IR Optimizer Passes¶

The converter runs a lightweight, IR-only optimization sweep after lowering and before serialization. Passes must be structure-only (no op-specific math) and safe across onnx_ir variants. This guide documents the current canon and the invariants each pass must respect.

Pipeline Placement¶

The optimizer runs as Step 2 in the conversion pipeline (see architecture.md):

Build raw IR (to_onnx)
optimize_graph ← runs here
Late attribute overrides
Shape inference (no-op currently)
Finalize shapes
Return from conversion_api
Post-process (shape loosening, export prep)

This placement ensures: - Optimization sees the raw, unpatched graph for maximum benefit. - Late overrides only patch nodes that survived optimization. - Shape finalization operates on an already-optimized graph.

Transpose Pair Folding¶

Pattern Transpose → [pure elementwise]* → Transpose

Condition The composed permutation of the Transpose nodes equals identity.

Allowed middle ops Elementwise operators that do not reorder elements, including: Relu, Gelu, Elu, Sigmoid, Tanh, LeakyRelu, Cast, CastLike, Identity, Not, etc.

Not folded Anything that crosses non-elementwise operators such as AveragePool, Conv, or similar layout-sensitive ops.

Matching heuristics¶

Follow the true consumer chain by name or object identity (some onnx_ir builds wrap/rename Value objects).
Skip helper nodes on side branches (Const, Shape, etc.) that do not consume the current tensor.
Require single consumer at each hop (no branching rewires).
Read permutations from the perm attribute when available.
When perm is missing, treat the pair as cancellable only if the input and output shapes match and the middle segment is strictly elementwise.

Rewiring and deletion¶

onnx_ir.Node.inputs may be immutable; use Node.replace_input_with(index: int, value: Value) when provided by the backend.
Rewire all consumers of the second transpose’s output (by name or object) to the kept tensor.
Update graph/model outputs and the var→value map so no reference points at removed nodes.
Delete nodes in reverse order (second transpose first), maintaining any live list mirrors (graph.nodes, graph._nodes, etc.).

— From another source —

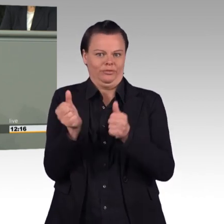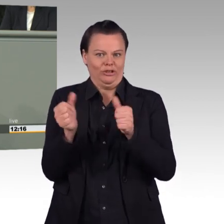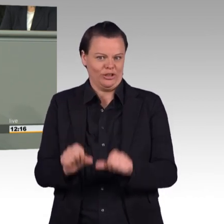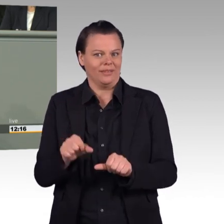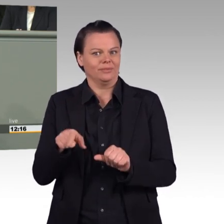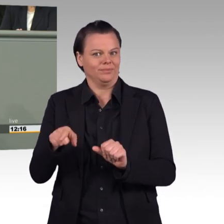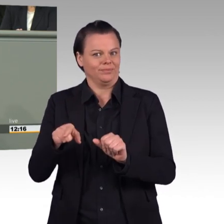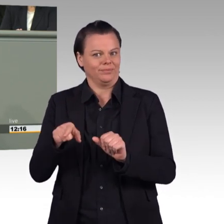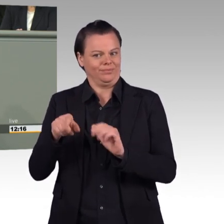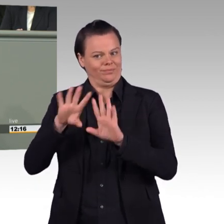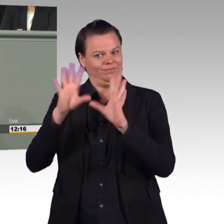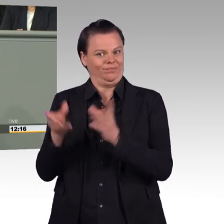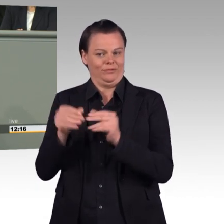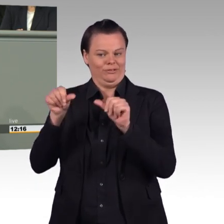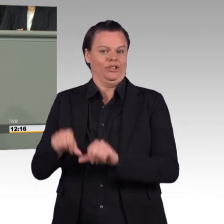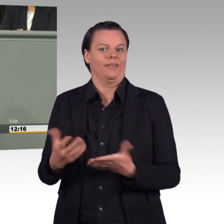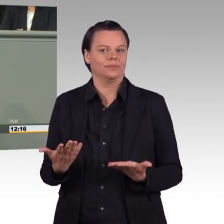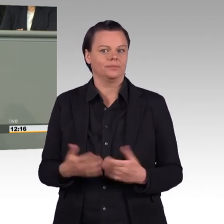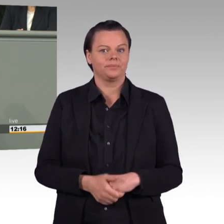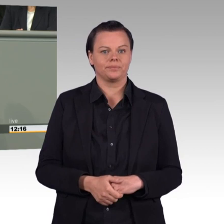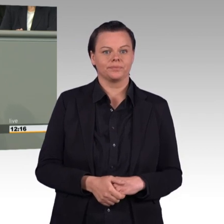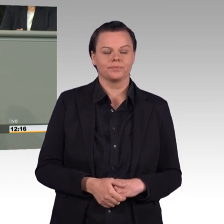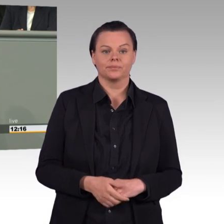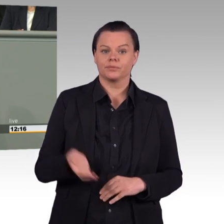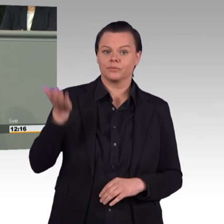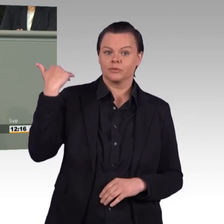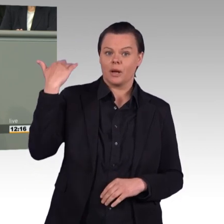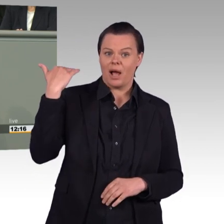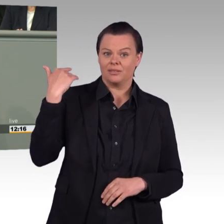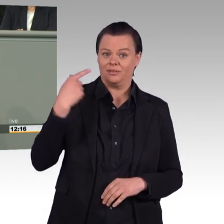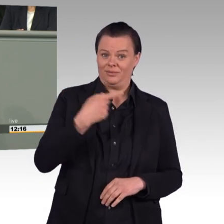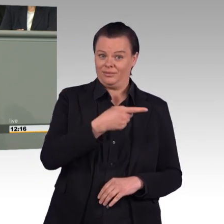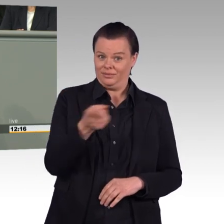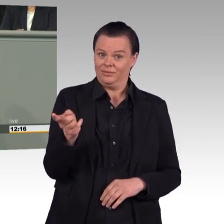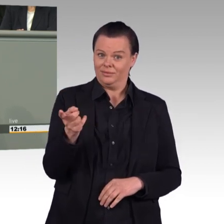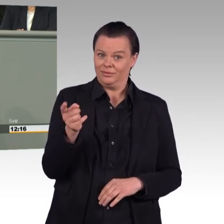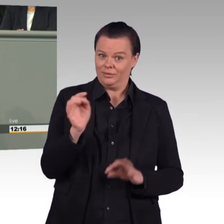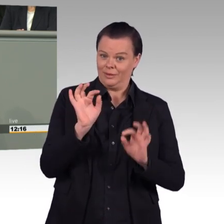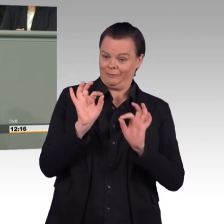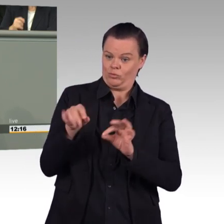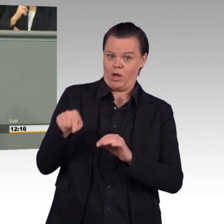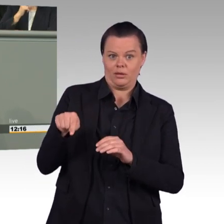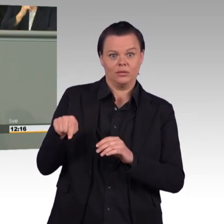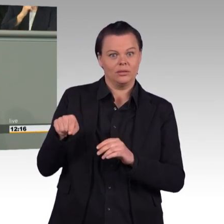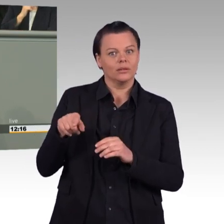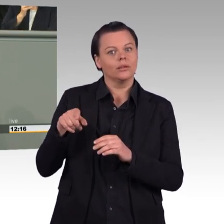Der Wegfall von finanziellen Leistungen für Wochenenddienst wird für die betroffenen Reservisten, die häufig ohnehin ihre wertvolle Freizeit opfern,

This pass is intentionally conservative, portable across onnx_ir variants, and oblivious to specific operator semantics.

Identity Reshape Removal¶

Pattern Reshape(x, shape) where shape is a constant that exactly matches x’s known dimensions.

Condition - The shape input is a constant tensor with no -1 or 0 entries. - Every dimension of x is statically known and equal to the requested target. - Output metadata (if present) already reflects the same shape.

Effect Rewire consumers of the Reshape output directly to the input and drop the node. Any now-unused shape initializers are left for later dead-code removal passes.

This trims redundant layout annotations generated by higher-level conversions (e.g., Equinox attention blocks) without touching dynamic reshape cases.

Redundant Cast Removal¶

Patterns 1. Cast(x, to=T) where x already has dtype T. 2. Cast(x, to=T) → Cast(y, to=S) where S equals the original dtype of x.

Effect The Cast node(s) are removed and consumers are rewired to the original input x, assuming the net effect on dtype is identity.

Reshape Pair Folding¶

Pattern Reshape(A) → [elementwise]* → Reshape(B)

Condition - The allowed elementwise ops are the same as in Transpose folding (shape-preserving). - The input shape of the first Reshape matches the output shape of the second Reshape.

Effect Both Reshape nodes are removed. The elementwise ops are rewired to consume A directly, and the consumers of B are rewired to the output of the last elementwise op. This eliminates redundant flatten/unflatten pairs often emitted by high-level frameworks.

Authoring new passes¶

Keep logic IR-only—never import ONNX protobuf utilities.
Verify mutations persist across in the graph (graph).
Use graph directly as a node container.
Avoid creating unnecessary helper functions. Prefer builtin IR methods instead.
Add focused regression tests under tests/extra_tests/framework/.
Document the new rule here and reference the guide from architecture.md.